Le taux directeur bancaire maintenu à 4,50% comme fixé lors de la dernière réunion du Monetary Policy Committee
Un nouveau cadre de politique monétaire sera introduit par la Banque de Maurice à partir de lundi. Il remplacera le cadre existant, entré en vigueur en 2006, et qui avait vu le Key Repo Rate remplacer le Lombard Rate. C’est ce qu’a confirmé le gouverneur de la Banque de Maurice, Harvesh Seegolam, cette semaine.
« Le nouveau cadre de politique monétaire, préparé en consultation avec le Fonds monétaire international (FMI), permettra d’assurer un meilleur contrôle sur l’inflation, de mieux traiter l’excès de liquidités et d’avoir un système transparent en ligne avec les pratiques internationales », affirme Harvesh Seegolam, entouré de ses deux adjoints et de hauts cadres de la BOM.
Le gouverneur de la Banque Centrale s’est appesanti sur le point que le nouveau cadre de politique monétaire vise à améliorer le mécanisme de transmission de la politique monétaire et consolider par la même occasion l’efficacité de celle-ci. « It is a flexible inflation targeting regime whereby headline inflation has, with the concurrence of the Finance Minister, been set within a range of 2-5 per cent with the aim of achieving the mid-point of 3.5 per cent over the medium term », souligne-t-il.

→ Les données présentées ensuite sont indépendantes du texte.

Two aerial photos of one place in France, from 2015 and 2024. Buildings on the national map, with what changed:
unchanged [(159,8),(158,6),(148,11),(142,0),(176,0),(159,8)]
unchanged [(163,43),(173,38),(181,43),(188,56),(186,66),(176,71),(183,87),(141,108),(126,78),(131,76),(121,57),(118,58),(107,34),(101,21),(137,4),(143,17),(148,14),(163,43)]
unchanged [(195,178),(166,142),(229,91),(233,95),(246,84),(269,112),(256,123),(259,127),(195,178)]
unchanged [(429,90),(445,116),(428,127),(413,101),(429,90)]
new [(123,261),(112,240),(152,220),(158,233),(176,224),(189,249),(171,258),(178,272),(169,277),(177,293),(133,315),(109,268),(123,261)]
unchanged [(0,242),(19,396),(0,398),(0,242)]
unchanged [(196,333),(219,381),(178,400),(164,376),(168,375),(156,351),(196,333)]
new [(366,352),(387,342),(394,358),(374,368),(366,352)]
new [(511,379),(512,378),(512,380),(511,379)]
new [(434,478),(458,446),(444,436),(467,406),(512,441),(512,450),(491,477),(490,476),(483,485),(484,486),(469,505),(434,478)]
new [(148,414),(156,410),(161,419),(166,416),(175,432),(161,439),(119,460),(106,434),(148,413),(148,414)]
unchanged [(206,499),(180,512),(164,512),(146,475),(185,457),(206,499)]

Ainsi, au vu du nouveau cadre, le taux directeur actuel (Key Repo Rate) est remplacé par le Key Rate en tant que taux directeur devant être déterminé par le comité de politique monétaire qui continuera à se rencontrer sur une base trimestrielle. Le Key Rate est introduit au même taux que le défunt Key Repo Rate, c’est-à-dire à 4,50 %.
Le processus de mise en œuvre du nouveau cadre implique des changements au niveau opérationnel, notamment une révision des instruments de politique monétaire à utiliser pour une gestion efficace des conditions de liquidité.
Lors d’une présentation du nouveau mécanisme, les techniciens de la Banque Centrale ont fait comprendre que le présent cadre de politique monétaire était confronté à un certain nombre de contraintes – à commencer par le niveau élevé d’excès de liquidités associé à l’élévation de la mise en oeuvre de la politique monétaire ayant affecté le mécanisme de transmission de la politique monétaire. De plus, les taux d’intérêt pratiqués par les banques commerciales ne reflétaient plus la politique monétaire préconisée par le comité de politique monétaire. La Banque de Maurice fait ressortir que le mécanisme actuel a été considéré par le FMI comme un problème affectant l’efficacité de la politique monétaire. Entre autres contraintes : il n’y avait pas un Defined Inflation Target et que les « objectives were not mutually consistent at times ». Ce qui pouvait créer des conflits pour ce qu’il s’agit des objectifs au regard de la stabilité des prix. La conséquence est que la crédibilité de la politique monétaire et sa capacité de contrôler l’inflation étaient mises à rude épreuve.
La Banque Centrale revient sur le fait que le nouveau mécanisme a été préparé après consultations avec les parties prenantes à Maurice et a été conçu avec le soutien du FMI. Il devrait permettre de surmonter les problèmes rencontrés dans le mécanisme actuel, améliorer les opérations de la politique monétaire, consolider le mécanisme de transmission de la politique monétaire et rester en ligne avec les meilleures pratiques internationales.
À ce propos, le gouverneur de la Banque Centrale ressortir qu’elle s’est inspirée de la pratique de la part des grandes banques centrales. « Alors que la stabilité des prix est l’objectif prioritaire, le ciblage flexible de l’inflation permet à la banque centrale de poursuivre d’autres objectifs, tels que la promotion d’une croissance stable de la production et de l’emploi ou la limitation de la volatilité des taux de change. De plus, le nouveau mécanisme fournit une référence par rapport à laquelle le public peut mesurer les pressions inflationnistes et évaluer le succès de la Banque à maîtriser l’inflation », souligne Harvesh Seegolam.
L’autre innovation est que sur le plan opérationnel, des manoeuvres d’Open Market (OMO) seront entreprises si nécessaire pour maintenir le taux interbancaire au jour le jour proche du taux directeur. Ainsi, des 7-day BoM Bill seront émis chaque vendredi au même taux que le taux directeur et selon le système d’attribution intégrale, remplaçant le système actuel de « fixed amount, flexible rate ».